### EXERCISE DIRECTIONS
Copy each line below word for word and drop every image.

====== RECORDS FOR THIS TASK ======

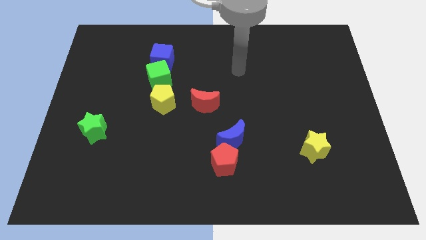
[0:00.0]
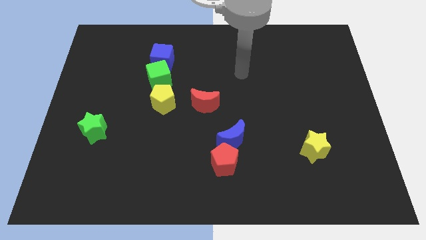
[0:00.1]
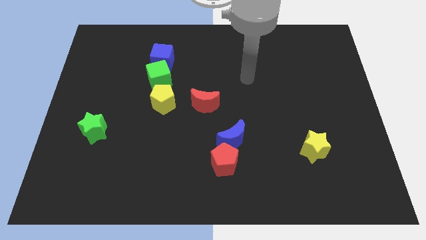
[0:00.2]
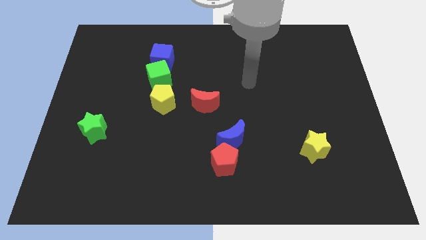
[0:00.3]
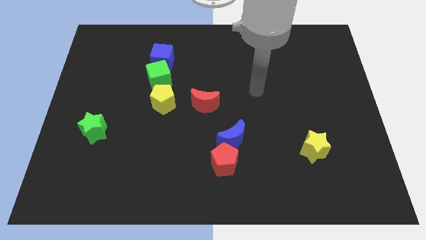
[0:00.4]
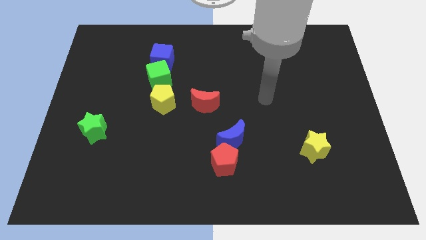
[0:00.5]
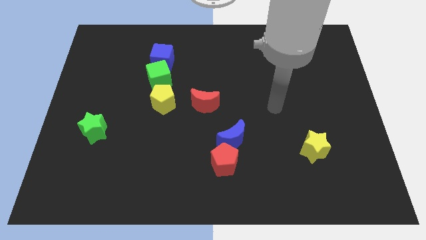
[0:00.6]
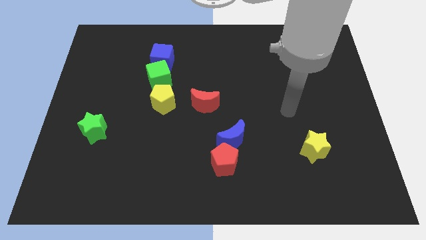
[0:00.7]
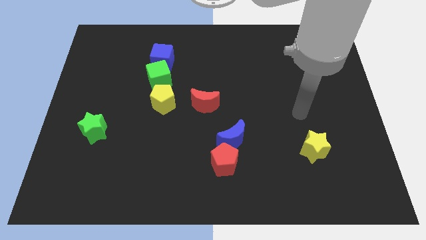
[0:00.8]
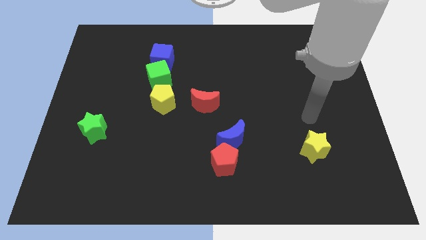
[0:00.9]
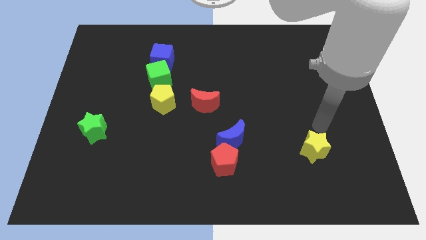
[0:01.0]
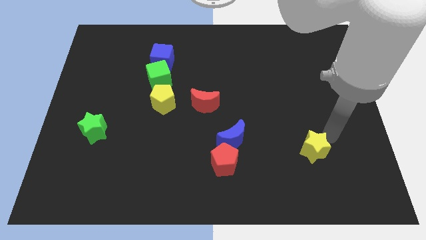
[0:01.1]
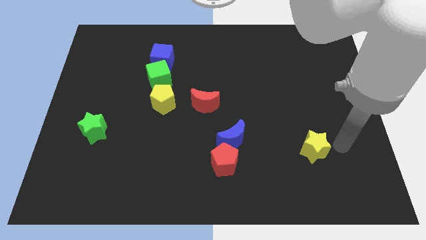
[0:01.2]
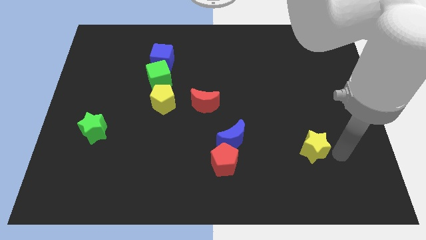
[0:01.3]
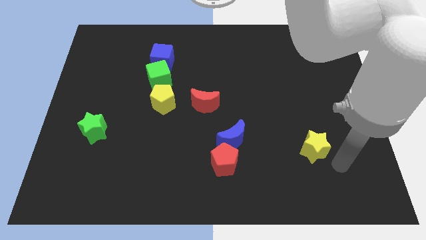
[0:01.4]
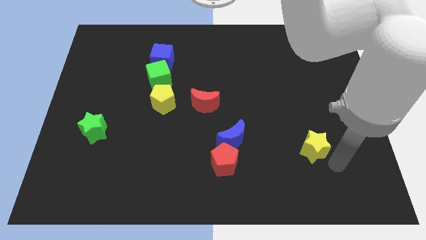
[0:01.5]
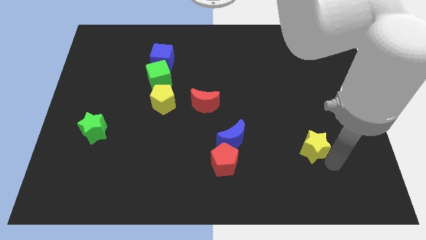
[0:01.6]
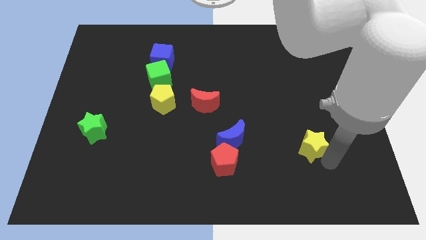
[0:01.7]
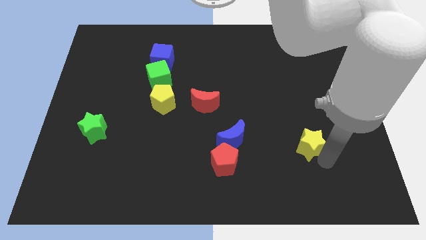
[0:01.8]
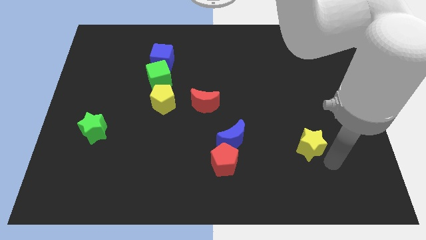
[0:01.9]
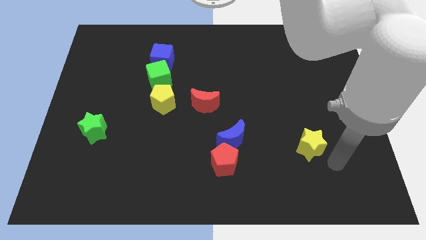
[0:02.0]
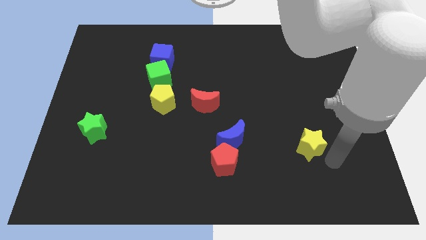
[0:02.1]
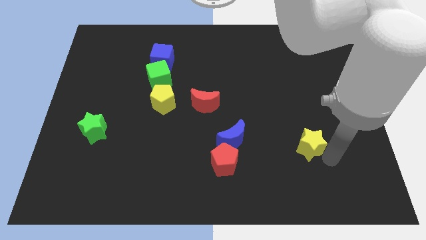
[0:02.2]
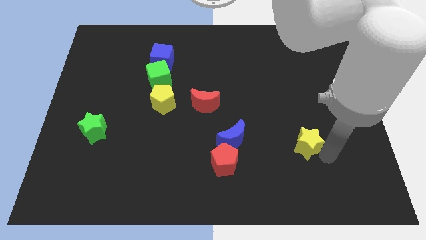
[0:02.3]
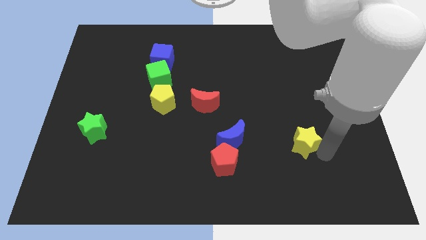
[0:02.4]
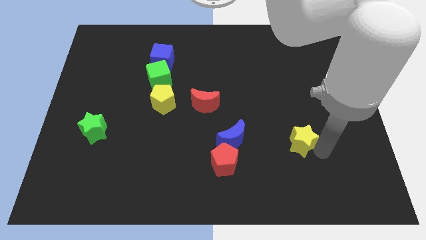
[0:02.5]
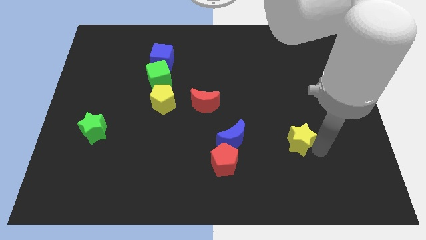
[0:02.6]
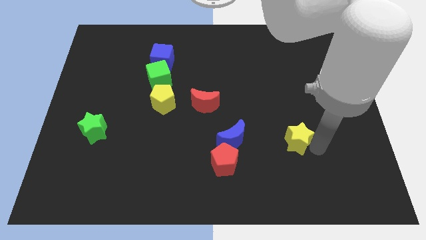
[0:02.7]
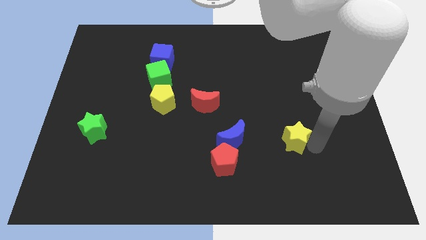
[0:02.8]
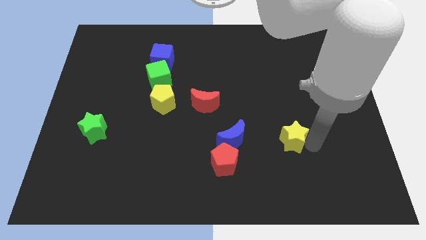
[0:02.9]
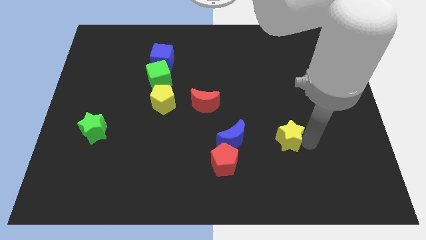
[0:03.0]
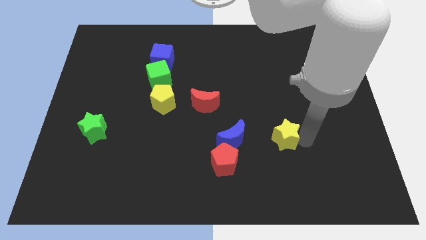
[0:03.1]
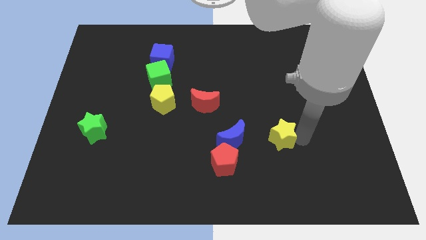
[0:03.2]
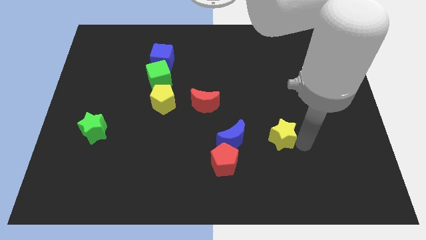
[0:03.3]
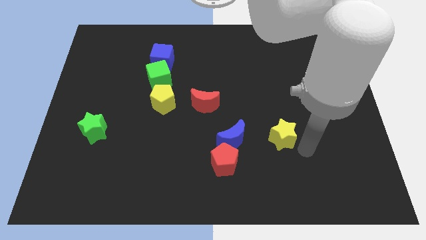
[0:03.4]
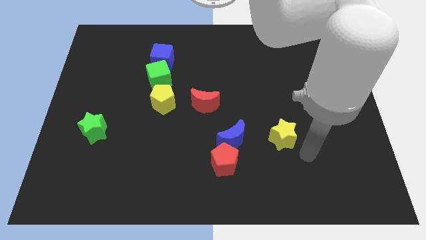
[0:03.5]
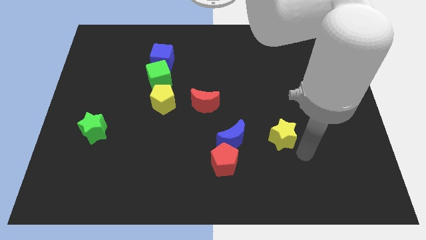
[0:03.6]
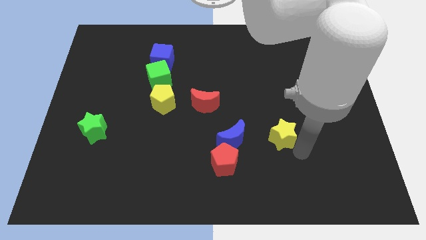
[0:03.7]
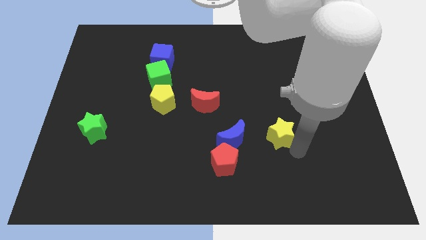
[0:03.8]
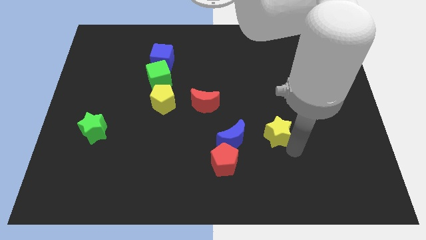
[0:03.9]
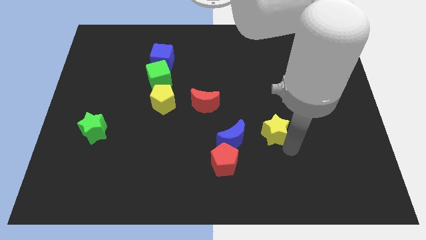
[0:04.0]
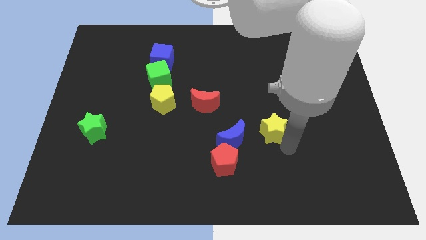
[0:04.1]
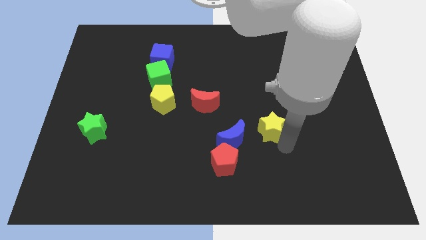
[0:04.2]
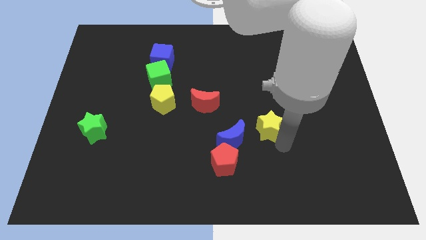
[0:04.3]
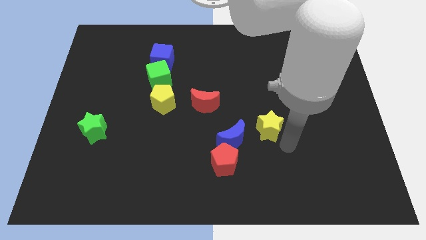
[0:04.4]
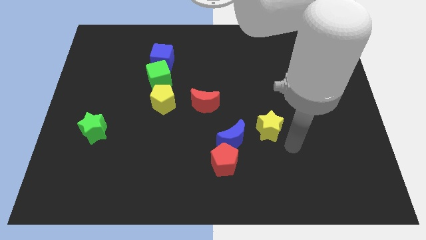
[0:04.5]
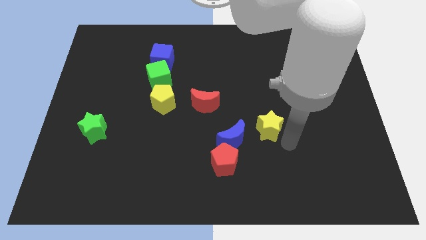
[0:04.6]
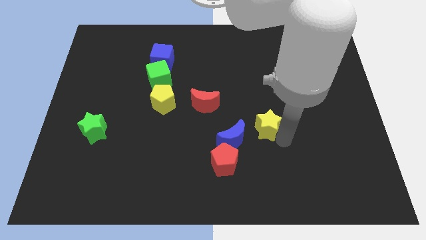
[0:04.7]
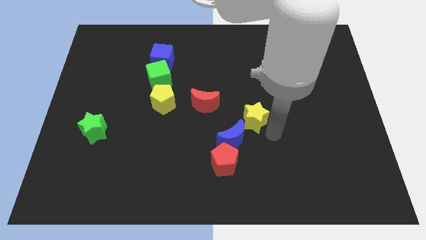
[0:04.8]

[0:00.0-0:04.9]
slide the yellow star above the blue moon

======

### RESPONSE
[0:00.0]
[0:00.1]
[0:00.2]
[0:00.3]
[0:00.4]
[0:00.5]
[0:00.6]
[0:00.7]
[0:00.8]
[0:00.9]
[0:01.0]
[0:01.1]
[0:01.2]
[0:01.3]
[0:01.4]
[0:01.5]
[0:01.6]
[0:01.7]
[0:01.8]
[0:01.9]
[0:02.0]
[0:02.1]
[0:02.2]
[0:02.3]
[0:02.4]
[0:02.5]
[0:02.6]
[0:02.7]
[0:02.8]
[0:02.9]
[0:03.0]
[0:03.1]
[0:03.2]
[0:03.3]
[0:03.4]
[0:03.5]
[0:03.6]
[0:03.7]
[0:03.8]
[0:03.9]
[0:04.0]
[0:04.1]
[0:04.2]
[0:04.3]
[0:04.4]
[0:04.5]
[0:04.6]
[0:04.7]
[0:04.8]

[0:00.0-0:04.9]
slide the yellow star above the blue moon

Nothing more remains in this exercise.